1. A method of embedding auxiliary information into a media signal by subjecting signal components of said media signal to quantization index modulation employing a quantization step, characterized in that the method comprises the step of deriving said quantization step from a measurable characteristic parameter of said signal components.

2. A method as claimed in claim 1, wherein said deriving step includes controlling the quantization step to be proportional to said characteristic parameter, said characteristic parameter having the property of being scaled by a scaling factor when said media signal components are scaled by the same scaling factor.

3. A method as claimed in claim 1, wherein said characteristic parameter is the Lp-norm of the signal components.

4. A method as claimed in claim 1, wherein said characteristic parameter is the square root of the energy of said signal components.

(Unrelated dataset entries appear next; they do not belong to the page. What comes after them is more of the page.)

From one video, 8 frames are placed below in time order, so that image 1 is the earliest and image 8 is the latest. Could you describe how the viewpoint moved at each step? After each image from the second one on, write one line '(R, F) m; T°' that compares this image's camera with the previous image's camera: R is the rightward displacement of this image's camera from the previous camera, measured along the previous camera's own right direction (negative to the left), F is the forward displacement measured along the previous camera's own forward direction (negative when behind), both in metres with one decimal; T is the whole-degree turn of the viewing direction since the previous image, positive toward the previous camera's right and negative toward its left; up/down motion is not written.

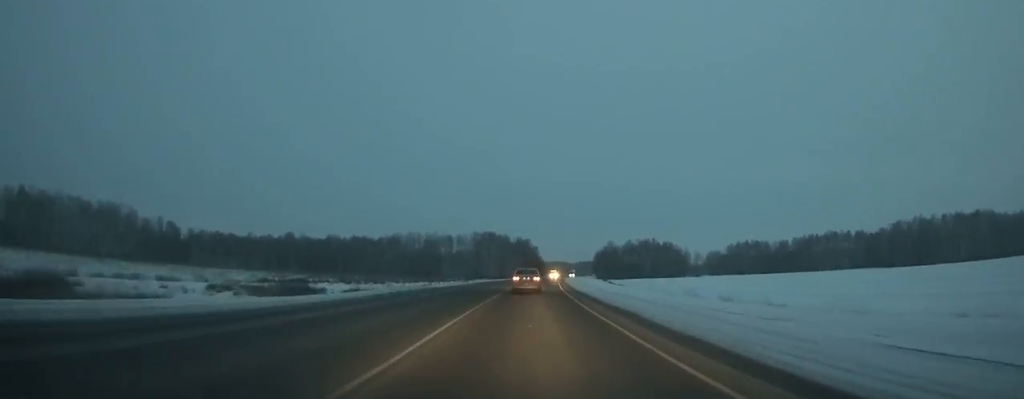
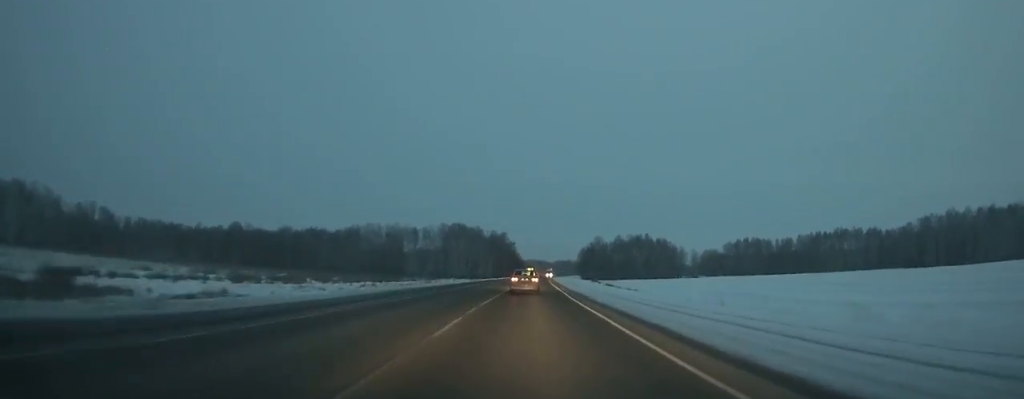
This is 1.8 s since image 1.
(+0.8, +44.8) m; +2°
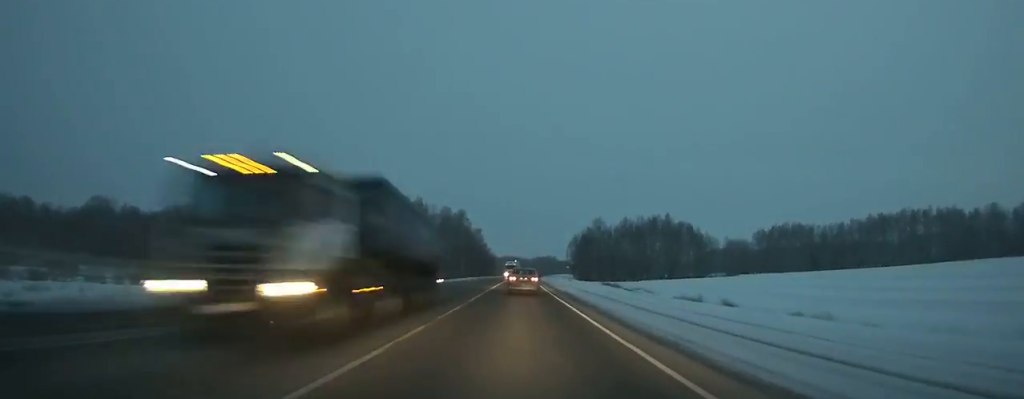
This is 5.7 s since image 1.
(+1.9, +95.5) m; +2°
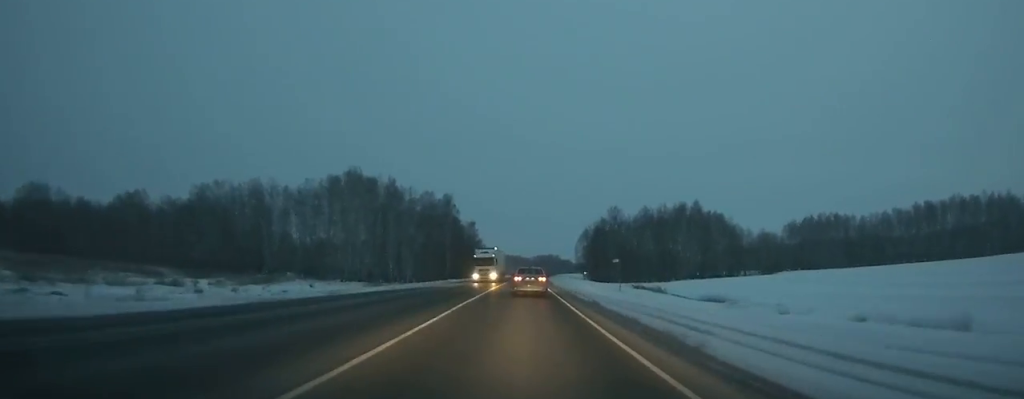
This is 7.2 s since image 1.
(0.0, +36.3) m; +1°
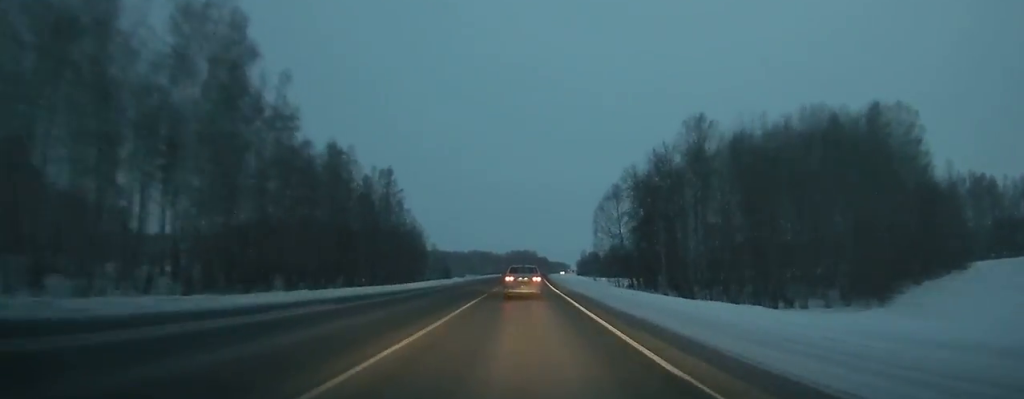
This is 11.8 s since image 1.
(+2.1, +110.0) m; +2°
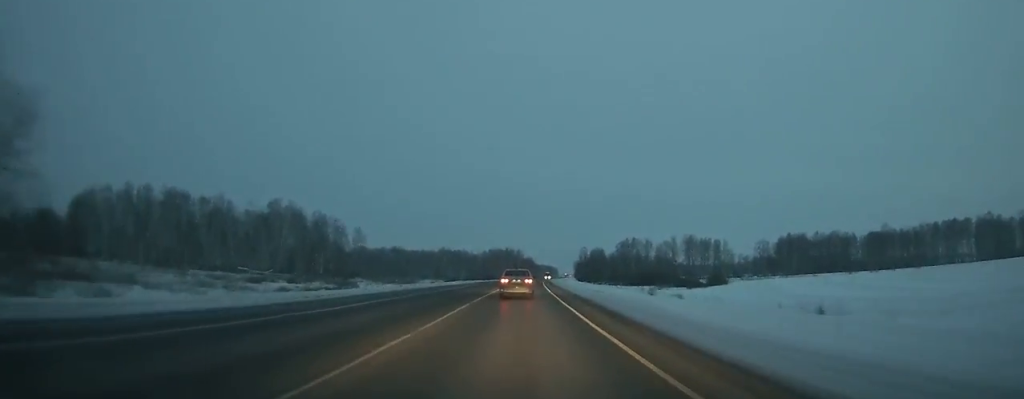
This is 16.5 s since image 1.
(+1.4, +111.6) m; +2°
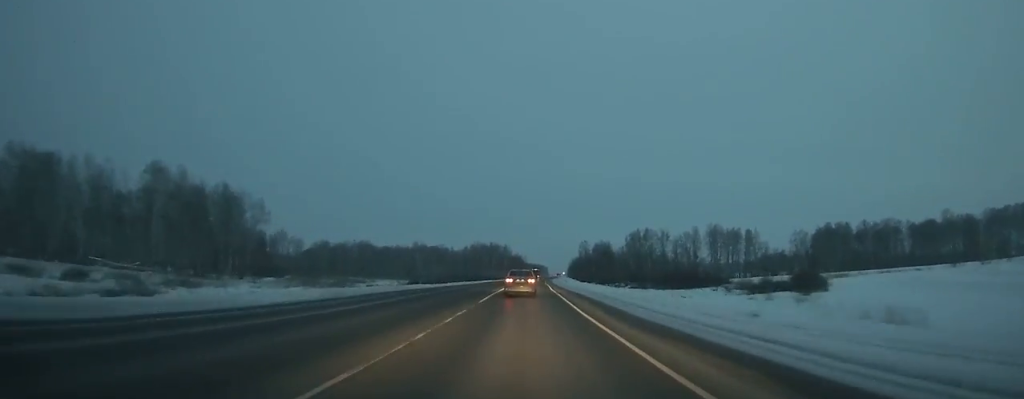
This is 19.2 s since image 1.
(+0.8, +64.8) m; +1°
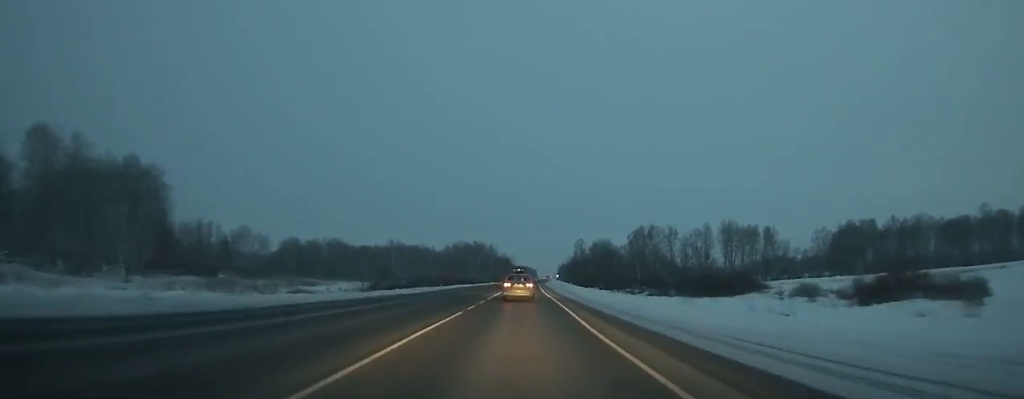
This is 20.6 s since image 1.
(+0.1, +33.8) m; +1°
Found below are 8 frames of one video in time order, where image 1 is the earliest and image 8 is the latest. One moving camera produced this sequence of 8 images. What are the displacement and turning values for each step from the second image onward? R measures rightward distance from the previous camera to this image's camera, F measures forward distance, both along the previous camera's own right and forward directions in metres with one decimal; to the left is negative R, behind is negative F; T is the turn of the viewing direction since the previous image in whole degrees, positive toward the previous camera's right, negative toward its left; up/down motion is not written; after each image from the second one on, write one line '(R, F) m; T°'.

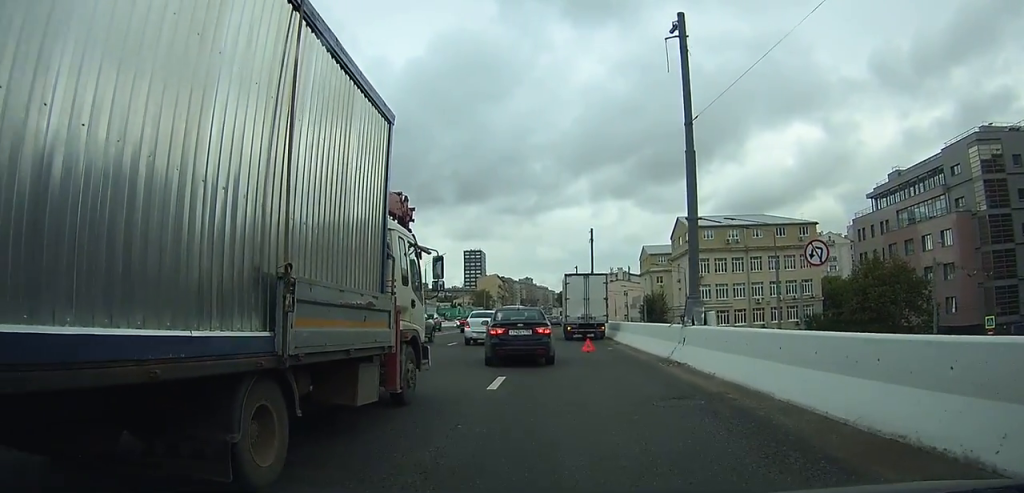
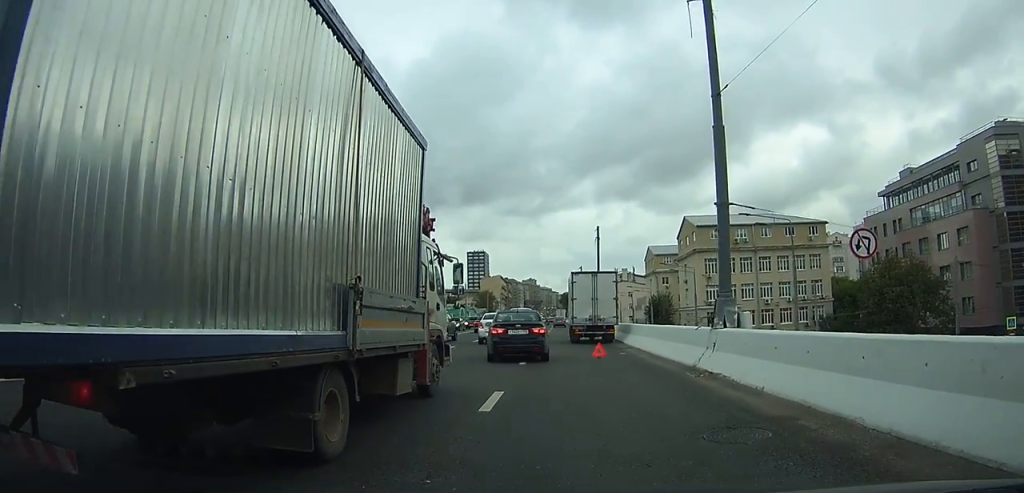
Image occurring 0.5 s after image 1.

5. A method as claimed in claim 1, wherein said signal components are individual samples of the media signal.

6. A method as claimed in claim 1, wherein said signal components are spectral frequency components of said media signal.

7. A method as claimed in claim 6, wherein said characteristic parameter is the square root of the energy of said spectral frequency components in respective frequency sub-bands.

8. A method as claimed in claim 7, wherein said sub-bands are logarithmically spaced sub-bands.

9. An arrangement for embedding auxiliary information into a media signal by subjecting signal components of said media signal to quantization index modulation employing a quantization step, characterized in that the arrangement comprises means for deriving said quantization step from a measurable characteristic parameter of said signal components.

10. A method of retrieving data being embedded in a watermarked media signal by subjecting signal components of a media host signal to quantization index modulation, the method comprising the step of employing a quantization step to retrieve the embedded data, characterized in that the method comprises the step of deriving said quantization step from a measurable characteristic parameter of said watermarked signal components.

11. A method as claimed in claim 10, wherein said deriving step includes controlling the quantization step to be proportional to said characteristic parameter, said characteristic parameter having the property of being scaled by a scaling factor when said media signal components are scaled by the same scaling factor.

12. A method as claimed in claim 10, wherein said characteristic parameter is the Lp-norm of the signal components.

13. A method as claimed in claim 10, wherein said characteristic parameter is the square root of the energy of said signal components.

14. A method as claimed in claim 10, wherein said signal components are individual samples of the media signal.

15. A method as claimed in claim 10, wherein said signal components are spectral frequency components of said media signal.

16. A method as claimed in claim 15, wherein said characteristic parameter is the square root of the energy of said spectral frequency components in respective frequency sub-bands.

17. A method as claimed in claim 16, wherein said sub-bands are logarithmically spaced sub-bands.

18. An arrangement for retrieving data being embedded in a watermarked media signal by subjecting signal components of a media host signal to quantization index modulation, the arrangement being arranged to retrieve the embedded data by employing a quantization step, characterized in that the arrangement comprises means for deriving said quantization step from a measurable characteristic parameter of said watermarked signal components.